Everything made new.

It's just the waiting that kills me.
"Hey you
What you running from?
All your hate
What you've become
Bet you didn't think
It would happen to you
All used up
Half way through

And this is not my face
And this is not my life
And there is not a single thing here
I can recognize
This is all a dream
And none of you
are real
I'll give anything"

Anything.
Anything.
Any.
Thing.
Murph.

That...would be a good attempt at summarizing.

Incidental Transcendentalism

Dawn, is so peculiar.
Because of being so sick, so often I rarely take the time to enjoy anything outside of my room...much less the sun rising and setting.

The light coming to life and dying away.
Colors being painted across the sky, spreading across like the laugh of a child and then fading away like the last sparks of life.

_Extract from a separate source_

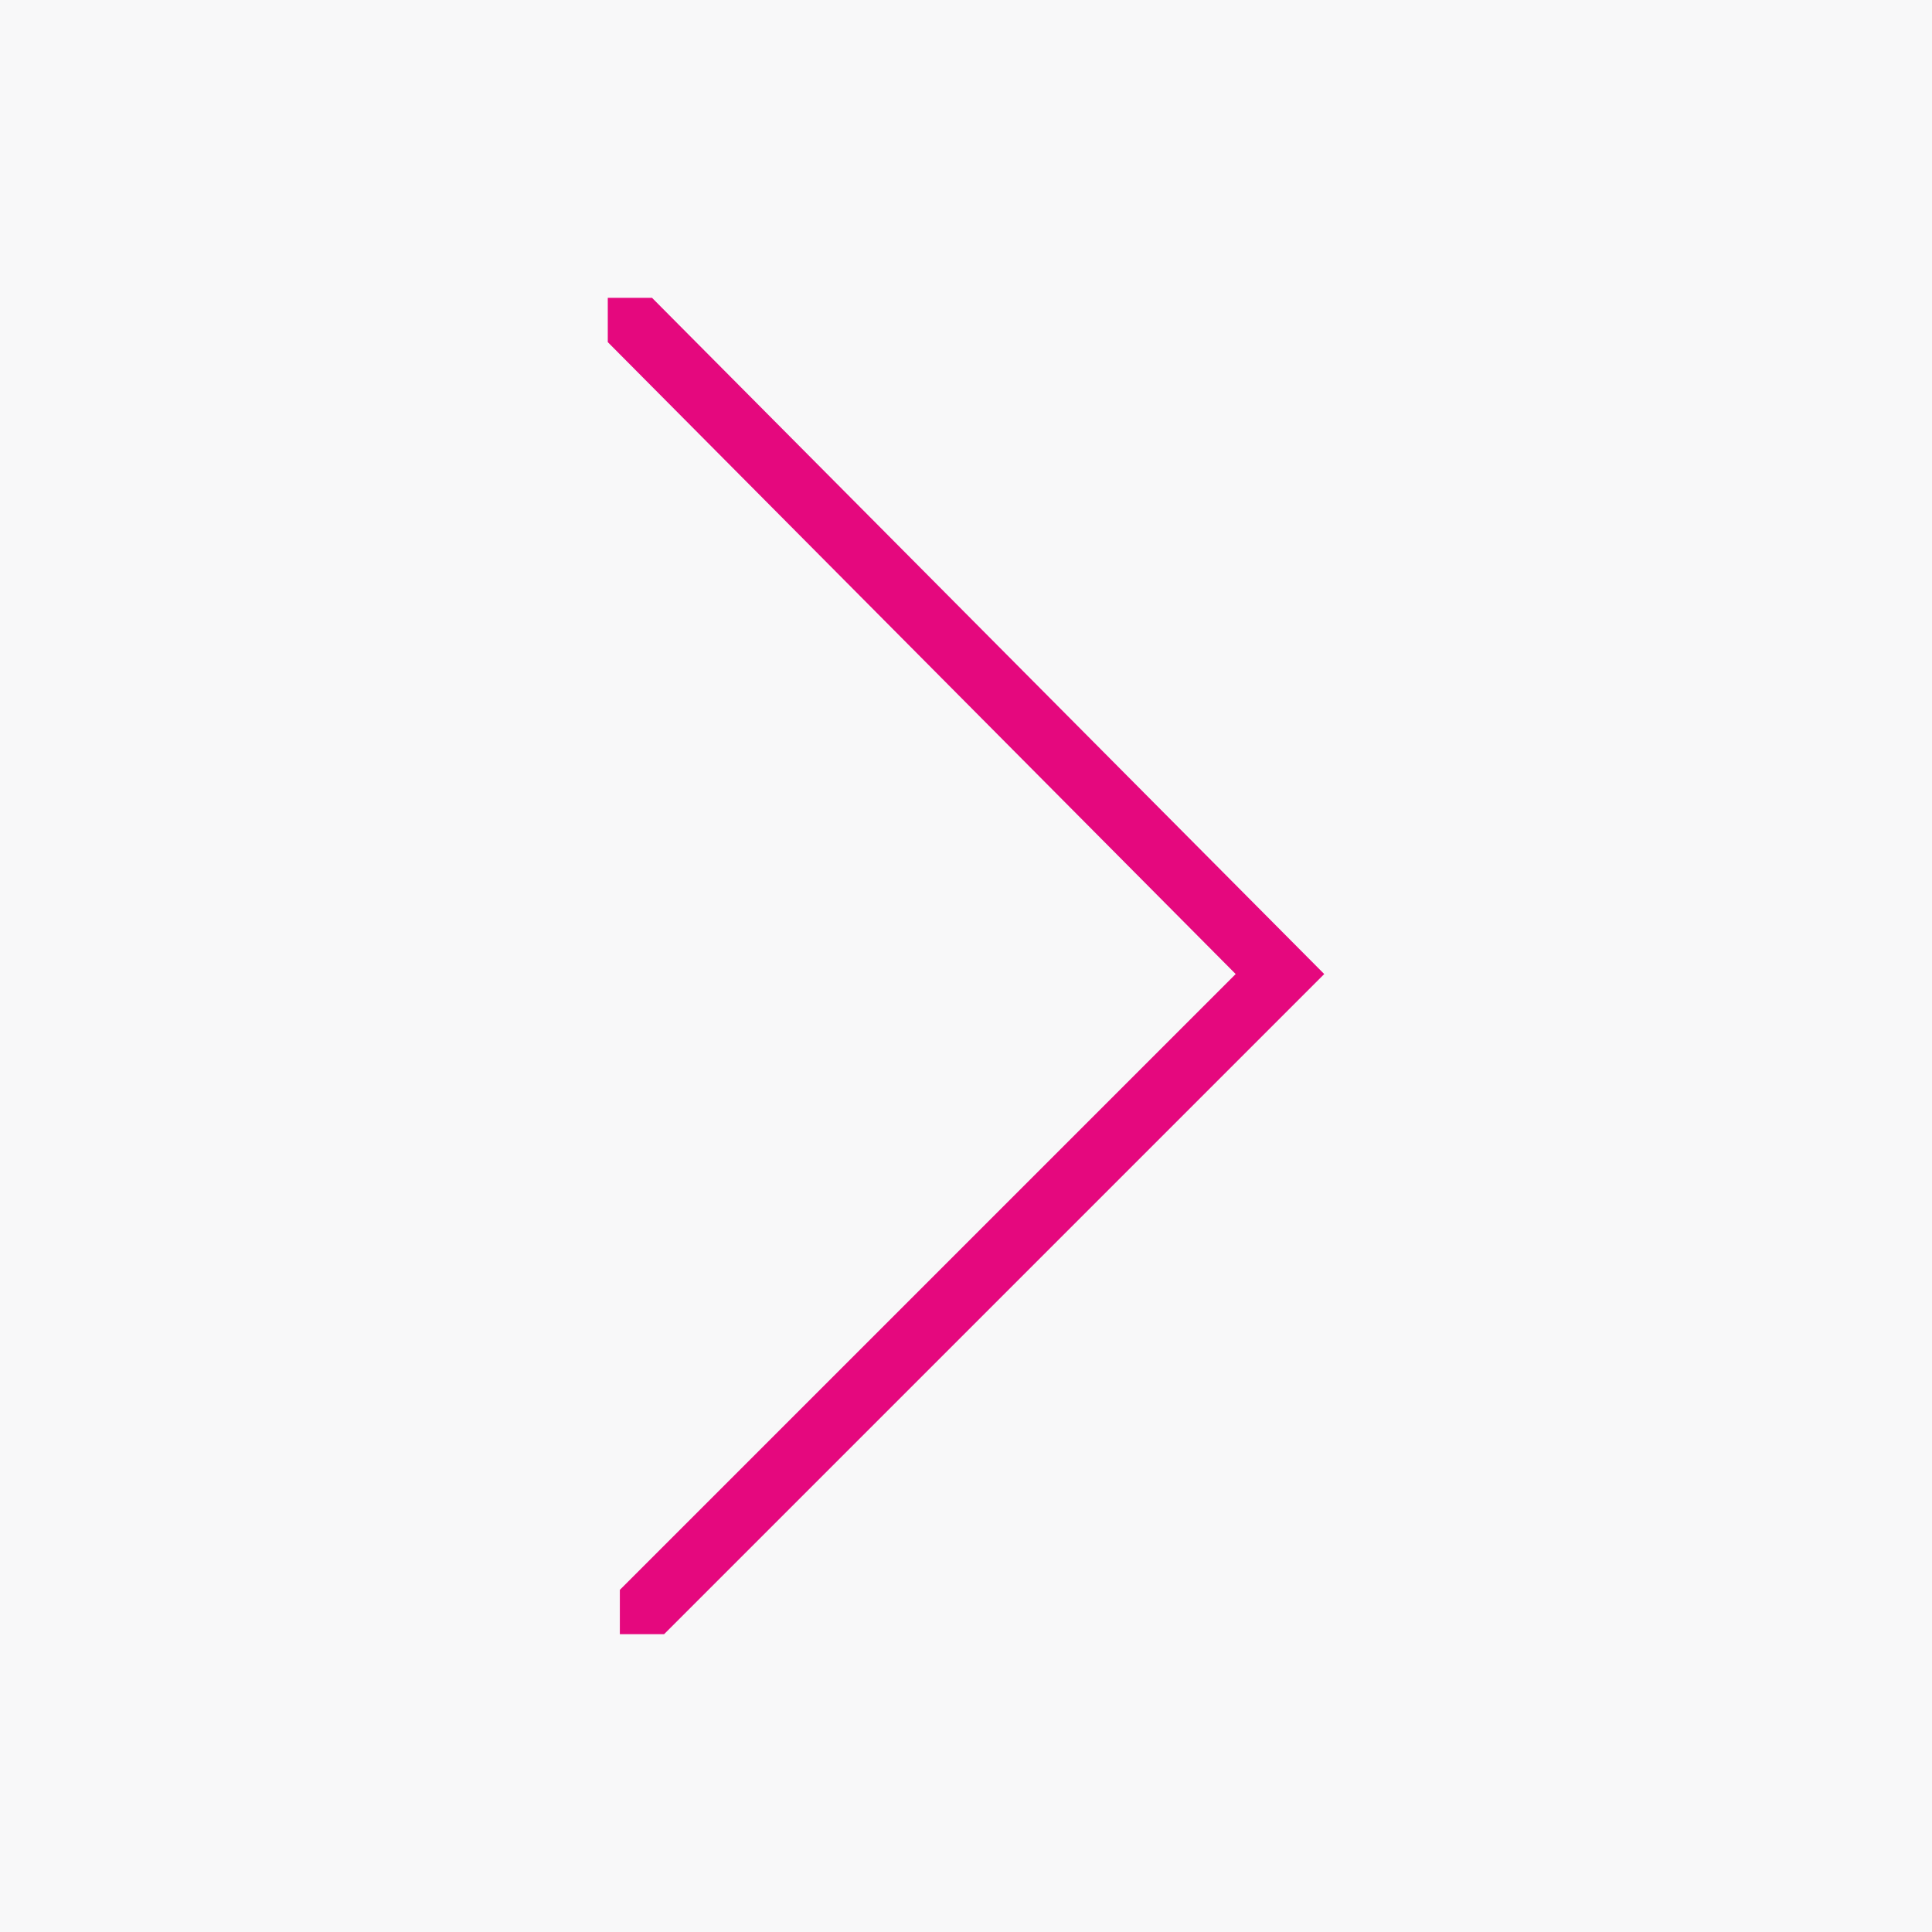 <svg xmlns="http://www.w3.org/2000/svg" xml:space="preserve" style="enable-background:new 0 0 48 48" viewBox="0 0 48 48"><path d="M0 0h48v48H0z" style="fill:#f8f8f9"/><path d="m15.1 8.5 15.6 15.7-15.3 15.3v1.1h1.1l16.4-16.4L16.2 7.4h-1.1v1.1z" style="fill:#e5087e"/></svg>

We have these huge post marks of life and death.
Everything else in between helps some give some meaning.
It's so hard to remember how and why.

Contrary to popular belief I am not miserable all the time.
I just tend to feel things far too intensely for my own good.
Put me alongside those who are happy and I feel their joy.
Likewise for the miserable.




A pity Jesus said nothing about going to parties, concerts, playing more video games, watching more comedies and laughing more.

Then again, life is to be lived.
Who was it that said life was wasted on the living?
I've done and seen some amazing things.

Feeling the wind in my hair, the taste of salt on the air, the sounds of laughter and the mists of rain as a gentle kiss.+

So many of the small things in our lives reflect who we are, who we really are deep within us and behind all the masks we try to hide behind.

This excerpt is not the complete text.